Thanks. I do plan to write this whole story up as a blog post, BTW. Apart from just being a nice "battle story" I also think it's important to get more visibility into these kinds of issues. I've mostly been interested in issues related to ECN in general, but its interaction with anycast is certainly... interesting :)
Until now, I believe an unknown number of customers have been suffering in silence or relegated to the ISPs “We can’t reproduce you problem” bin without resolution.
I’ve had lots of discussions on the subject and the usual end result is “It’s too hard to measure or quantify and there’s no visible contingent of impacted users”.
Now we at least have one visible impacted user.

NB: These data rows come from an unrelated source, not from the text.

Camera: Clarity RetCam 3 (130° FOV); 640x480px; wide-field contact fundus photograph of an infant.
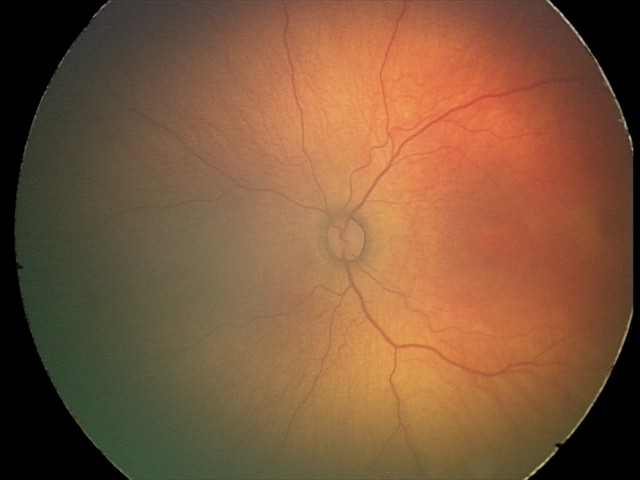

Plus form: absent — posterior pole vessels without abnormal dilation or tortuosity
diagnosis: status post retinopathy of prematurity (ROP)
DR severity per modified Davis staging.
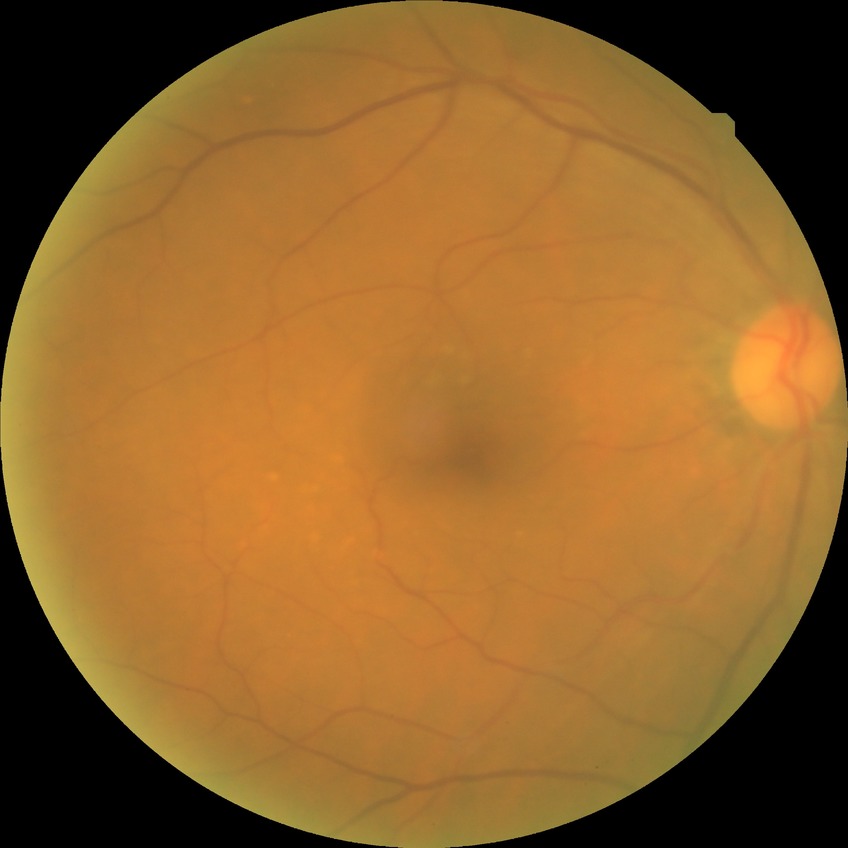

DR stage is NDR.

As I said, happy to be an exponent if it can help others resolve these kinds of problems. Incidentally, in case you're not aware, there are currently two competing schemes being discussed at the IETF to re-purpose the ECT(1) code point in the IP header. One proposal[0] is to use it as an additional high-fidelity congestion indicator, while the other[1] is to use it as an identifier for a new type of traffic that should get special treatment (which almost, but not quite, amounts to priority queueing). So if either proposal gains traction, expect more ECN-marked traffic coming to a network near you in the maybe-not-so-distant future; with all the interesting issues that can bring with it. If someone feels like introducing some operational considerations into the IETF discussions, I do believe both drafts will be discussed at the tsvwg working group meetings at the Singapore IETF next week. -Toke [0] https://datatracker.ietf.org/doc/draft-morton-tsvwg-sce/ [1] https://datatracker.ietf.org/doc/draft-ietf-tsvwg-ecn-l4s-id/